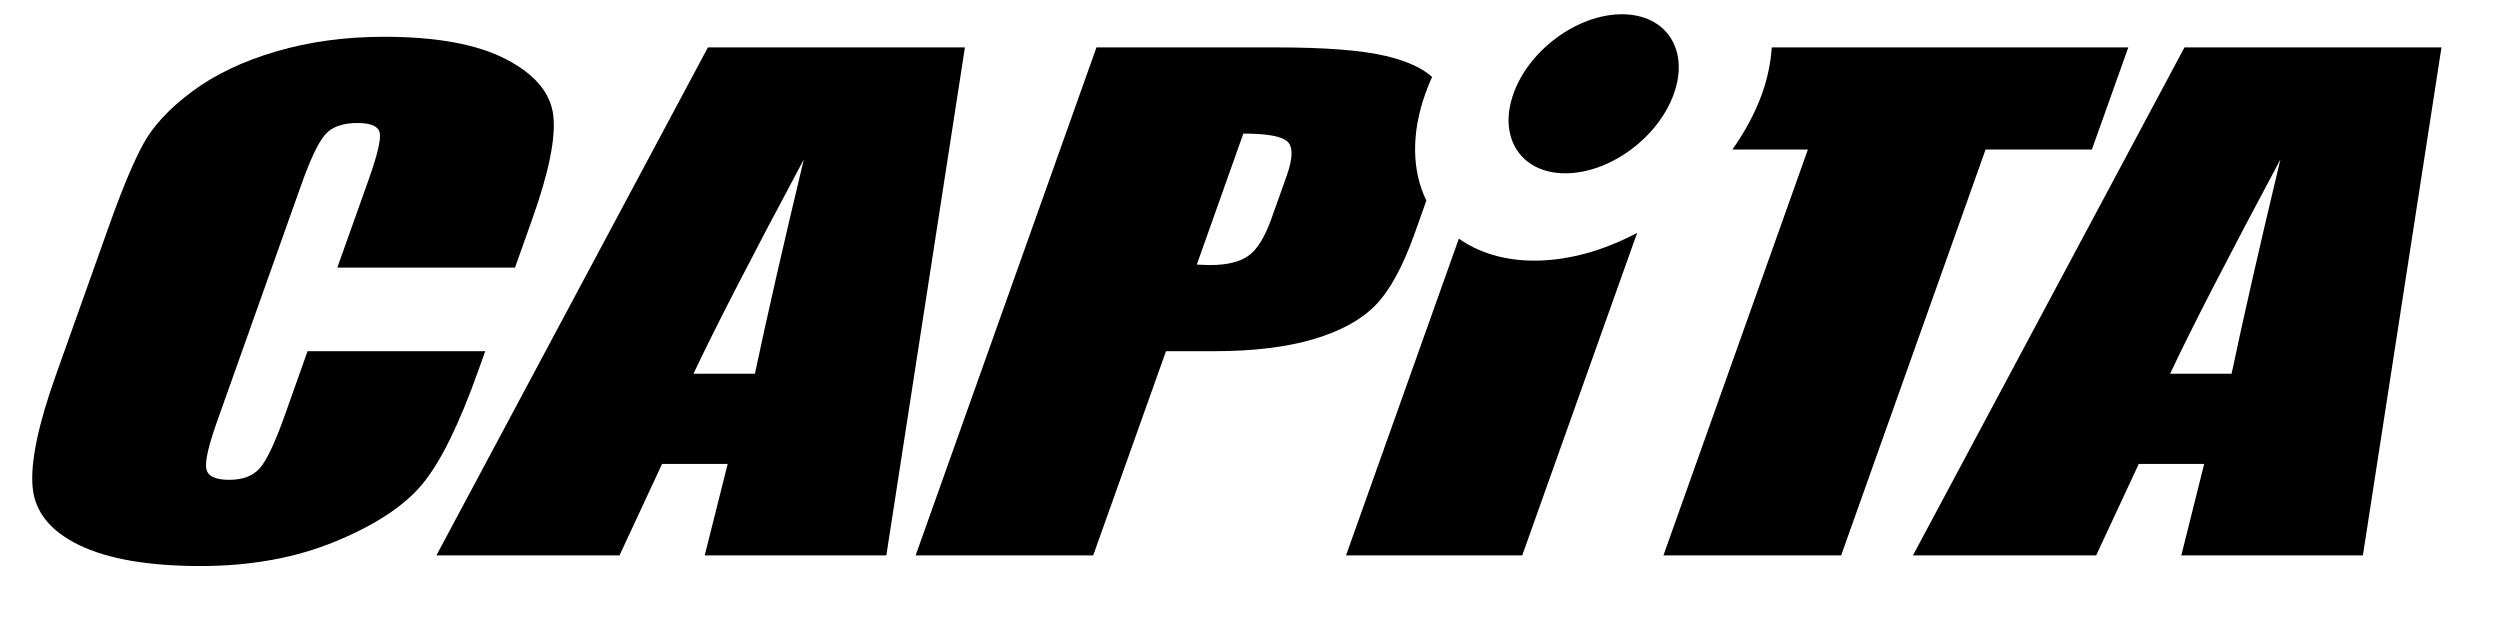 <?xml version="1.0" encoding="UTF-8" standalone="no"?>
<!DOCTYPE svg PUBLIC "-//W3C//DTD SVG 1.1//EN" "http://www.w3.org/Graphics/SVG/1.1/DTD/svg11.dtd">
<svg width="100%" height="100%" viewBox="0 0 625 159" version="1.1" xmlns="http://www.w3.org/2000/svg" xmlns:xlink="http://www.w3.org/1999/xlink" xml:space="preserve" xmlns:serif="http://www.serif.com/" style="fill-rule:evenodd;clip-rule:evenodd;stroke-linejoin:round;stroke-miterlimit:2;">
    <g transform="matrix(4.167,0,0,4.167,0,0)">
        <g transform="matrix(0.523,0,0,0.523,-145.949,-129.521)">
            <g id="Text">
                <g transform="matrix(0,-1,-1,0,461.872,249.209)">
                    <path d="M-9.195,-9.205C-14.241,-7.411 -18.322,-1.838 -18.322,3.244C-18.322,8.329 -14.241,10.993 -9.195,9.198C-4.159,7.415 -0.077,1.833 -0.077,-3.243C-0.077,-8.336 -4.159,-11.003 -9.195,-9.205" style="fill-rule:nonzero;"/>
                </g>
                <g transform="matrix(1,0,0,1,365.662,273.932)">
                    <path d="M0,16.588L-7.049,16.588C-4.633,11.46 -0.416,3.27 5.608,-7.995C3.256,1.826 1.386,10.022 0,16.588M-5.393,-20.844L-36.541,37.432L-15.535,37.432L-10.653,26.938L-3.128,26.938L-5.759,37.432L15.074,37.432L24.089,-20.844L-5.393,-20.844Z" style="fill-rule:nonzero;"/>
                </g>
                <g transform="matrix(1,0,0,1,334.724,276.514)">
                    <path d="M0,11.422L-20.382,11.422L-22.985,18.754C-24.13,21.962 -25.097,23.997 -25.878,24.866C-26.671,25.748 -27.833,26.179 -29.367,26.179C-30.972,26.179 -31.858,25.752 -32.003,24.878C-32.15,24.013 -31.723,22.171 -30.711,19.343L-21.109,-7.651C-20.053,-10.618 -19.136,-12.55 -18.359,-13.43C-17.589,-14.311 -16.35,-14.753 -14.649,-14.753C-13.139,-14.753 -12.29,-14.394 -12.111,-13.664C-11.934,-12.929 -12.352,-11.118 -13.393,-8.203L-16.97,1.837L3.415,1.837L5.383,-3.704C7.315,-9.114 8.116,-13.103 7.8,-15.663C7.481,-18.225 5.675,-20.371 2.373,-22.079C-0.933,-23.792 -5.598,-24.645 -11.612,-24.645C-16.048,-24.645 -20.168,-24.083 -23.984,-22.964C-27.789,-21.844 -31.002,-20.319 -33.622,-18.367C-36.236,-16.424 -38.11,-14.408 -39.247,-12.316C-40.374,-10.227 -41.698,-7.072 -43.188,-2.865L-49.249,14.156C-51.283,19.863 -52.179,24.149 -51.924,26.987C-51.68,29.834 -49.894,32.059 -46.592,33.661C-43.28,35.265 -38.63,36.067 -32.649,36.067C-26.889,36.067 -21.703,35.125 -17.096,33.213C-12.481,31.297 -9.154,29.073 -7.108,26.543C-5.057,24.013 -2.959,19.728 -0.808,13.682L0,11.422Z" style="fill-rule:nonzero;"/>
                </g>
                <g transform="matrix(1,0,0,1,535.055,273.932)">
                    <path d="M0,16.588L-7.052,16.588C-4.646,11.46 -0.423,3.27 5.601,-7.995C3.249,1.826 1.384,10.022 0,16.588M-5.405,-20.844L-36.554,37.432L-15.538,37.432L-10.649,26.938L-3.145,26.938L-5.769,37.432L15.062,37.432L24.077,-20.844L-5.405,-20.844Z" style="fill-rule:nonzero;"/>
                </g>
                <g transform="matrix(1,0,0,1,519.028,299.648)">
                    <path d="M0,-34.845L4.18,-46.561L-36.721,-46.561C-36.833,-44.875 -37.183,-43.089 -37.835,-41.245C-38.646,-39.001 -39.824,-36.846 -41.24,-34.845L-32.577,-34.845L-49.15,11.716L-28.764,11.716L-12.194,-34.845L0,-34.845Z" style="fill-rule:nonzero;"/>
                </g>
                <g transform="matrix(1,0,0,1,426.653,296.608)">
                    <path d="M0,-28.764L-1.725,-23.922C-2.495,-21.755 -3.383,-20.314 -4.391,-19.611C-5.387,-18.914 -6.837,-18.552 -8.765,-18.552C-9.202,-18.552 -9.712,-18.581 -10.304,-18.606L-4.964,-33.634C-2.23,-33.634 -0.544,-33.325 0.108,-32.711C0.752,-32.107 0.723,-30.785 0,-28.764M14.673,-22.13L16.031,-25.954C14.411,-29.264 14.249,-33.54 15.911,-38.205C16.136,-38.856 16.406,-39.496 16.687,-40.127C15.569,-41.158 13.78,-41.97 11.324,-42.552C8.544,-43.199 4.377,-43.52 -1.195,-43.52L-21.813,-43.52L-42.557,14.756L-22.189,14.756L-13.835,-8.672L-8.327,-8.672C-3.828,-8.672 -0.028,-9.13 3.076,-10.05C6.18,-10.963 8.553,-12.264 10.205,-13.957C11.855,-15.658 13.332,-18.382 14.673,-22.13" style="fill-rule:nonzero;"/>
                </g>
                <g transform="matrix(1,0,0,1,455.064,308.177)">
                    <path d="M0,-30.628C-3.471,-30.628 -6.396,-31.559 -8.652,-33.153L-21.597,3.187L-1.383,3.187L11.8,-33.815C8.021,-31.809 3.948,-30.628 0,-30.628" style="fill-rule:nonzero;"/>
                </g>
            </g>
        </g>
    </g>
</svg>

────────────────────────────────────────

• [Work instruction] In the transcription, every picture is to be excluded and the records above given again exactly.

• [Answer]
 <?xml version="1.0" encoding="UTF-8" standalone="no"?>
<!DOCTYPE svg PUBLIC "-//W3C//DTD SVG 1.1//EN" "http://www.w3.org/Graphics/SVG/1.1/DTD/svg11.dtd">
<svg width="100%" height="100%" viewBox="0 0 625 159" version="1.1" xmlns="http://www.w3.org/2000/svg" xmlns:xlink="http://www.w3.org/1999/xlink" xml:space="preserve" xmlns:serif="http://www.serif.com/" style="fill-rule:evenodd;clip-rule:evenodd;stroke-linejoin:round;stroke-miterlimit:2;">
    <g transform="matrix(4.167,0,0,4.167,0,0)">
        <g transform="matrix(0.523,0,0,0.523,-145.949,-129.521)">
            <g id="Text">
                <g transform="matrix(0,-1,-1,0,461.872,249.209)">
                    <path d="M-9.195,-9.205C-14.241,-7.411 -18.322,-1.838 -18.322,3.244C-18.322,8.329 -14.241,10.993 -9.195,9.198C-4.159,7.415 -0.077,1.833 -0.077,-3.243C-0.077,-8.336 -4.159,-11.003 -9.195,-9.205" style="fill-rule:nonzero;"/>
                </g>
                <g transform="matrix(1,0,0,1,365.662,273.932)">
                    <path d="M0,16.588L-7.049,16.588C-4.633,11.46 -0.416,3.27 5.608,-7.995C3.256,1.826 1.386,10.022 0,16.588M-5.393,-20.844L-36.541,37.432L-15.535,37.432L-10.653,26.938L-3.128,26.938L-5.759,37.432L15.074,37.432L24.089,-20.844L-5.393,-20.844Z" style="fill-rule:nonzero;"/>
                </g>
                <g transform="matrix(1,0,0,1,334.724,276.514)">
                    <path d="M0,11.422L-20.382,11.422L-22.985,18.754C-24.13,21.962 -25.097,23.997 -25.878,24.866C-26.671,25.748 -27.833,26.179 -29.367,26.179C-30.972,26.179 -31.858,25.752 -32.003,24.878C-32.15,24.013 -31.723,22.171 -30.711,19.343L-21.109,-7.651C-20.053,-10.618 -19.136,-12.55 -18.359,-13.43C-17.589,-14.311 -16.35,-14.753 -14.649,-14.753C-13.139,-14.753 -12.29,-14.394 -12.111,-13.664C-11.934,-12.929 -12.352,-11.118 -13.393,-8.203L-16.97,1.837L3.415,1.837L5.383,-3.704C7.315,-9.114 8.116,-13.103 7.8,-15.663C7.481,-18.225 5.675,-20.371 2.373,-22.079C-0.933,-23.792 -5.598,-24.645 -11.612,-24.645C-16.048,-24.645 -20.168,-24.083 -23.984,-22.964C-27.789,-21.844 -31.002,-20.319 -33.622,-18.367C-36.236,-16.424 -38.11,-14.408 -39.247,-12.316C-40.374,-10.227 -41.698,-7.072 -43.188,-2.865L-49.249,14.156C-51.283,19.863 -52.179,24.149 -51.924,26.987C-51.68,29.834 -49.894,32.059 -46.592,33.661C-43.28,35.265 -38.63,36.067 -32.649,36.067C-26.889,36.067 -21.703,35.125 -17.096,33.213C-12.481,31.297 -9.154,29.073 -7.108,26.543C-5.057,24.013 -2.959,19.728 -0.808,13.682L0,11.422Z" style="fill-rule:nonzero;"/>
                </g>
                <g transform="matrix(1,0,0,1,535.055,273.932)">
                    <path d="M0,16.588L-7.052,16.588C-4.646,11.46 -0.423,3.27 5.601,-7.995C3.249,1.826 1.384,10.022 0,16.588M-5.405,-20.844L-36.554,37.432L-15.538,37.432L-10.649,26.938L-3.145,26.938L-5.769,37.432L15.062,37.432L24.077,-20.844L-5.405,-20.844Z" style="fill-rule:nonzero;"/>
                </g>
                <g transform="matrix(1,0,0,1,519.028,299.648)">
                    <path d="M0,-34.845L4.18,-46.561L-36.721,-46.561C-36.833,-44.875 -37.183,-43.089 -37.835,-41.245C-38.646,-39.001 -39.824,-36.846 -41.24,-34.845L-32.577,-34.845L-49.15,11.716L-28.764,11.716L-12.194,-34.845L0,-34.845Z" style="fill-rule:nonzero;"/>
                </g>
                <g transform="matrix(1,0,0,1,426.653,296.608)">
                    <path d="M0,-28.764L-1.725,-23.922C-2.495,-21.755 -3.383,-20.314 -4.391,-19.611C-5.387,-18.914 -6.837,-18.552 -8.765,-18.552C-9.202,-18.552 -9.712,-18.581 -10.304,-18.606L-4.964,-33.634C-2.23,-33.634 -0.544,-33.325 0.108,-32.711C0.752,-32.107 0.723,-30.785 0,-28.764M14.673,-22.13L16.031,-25.954C14.411,-29.264 14.249,-33.54 15.911,-38.205C16.136,-38.856 16.406,-39.496 16.687,-40.127C15.569,-41.158 13.78,-41.97 11.324,-42.552C8.544,-43.199 4.377,-43.52 -1.195,-43.52L-21.813,-43.52L-42.557,14.756L-22.189,14.756L-13.835,-8.672L-8.327,-8.672C-3.828,-8.672 -0.028,-9.13 3.076,-10.05C6.18,-10.963 8.553,-12.264 10.205,-13.957C11.855,-15.658 13.332,-18.382 14.673,-22.13" style="fill-rule:nonzero;"/>
                </g>
                <g transform="matrix(1,0,0,1,455.064,308.177)">
                    <path d="M0,-30.628C-3.471,-30.628 -6.396,-31.559 -8.652,-33.153L-21.597,3.187L-1.383,3.187L11.8,-33.815C8.021,-31.809 3.948,-30.628 0,-30.628" style="fill-rule:nonzero;"/>
                </g>
            </g>
        </g>
    </g>
</svg>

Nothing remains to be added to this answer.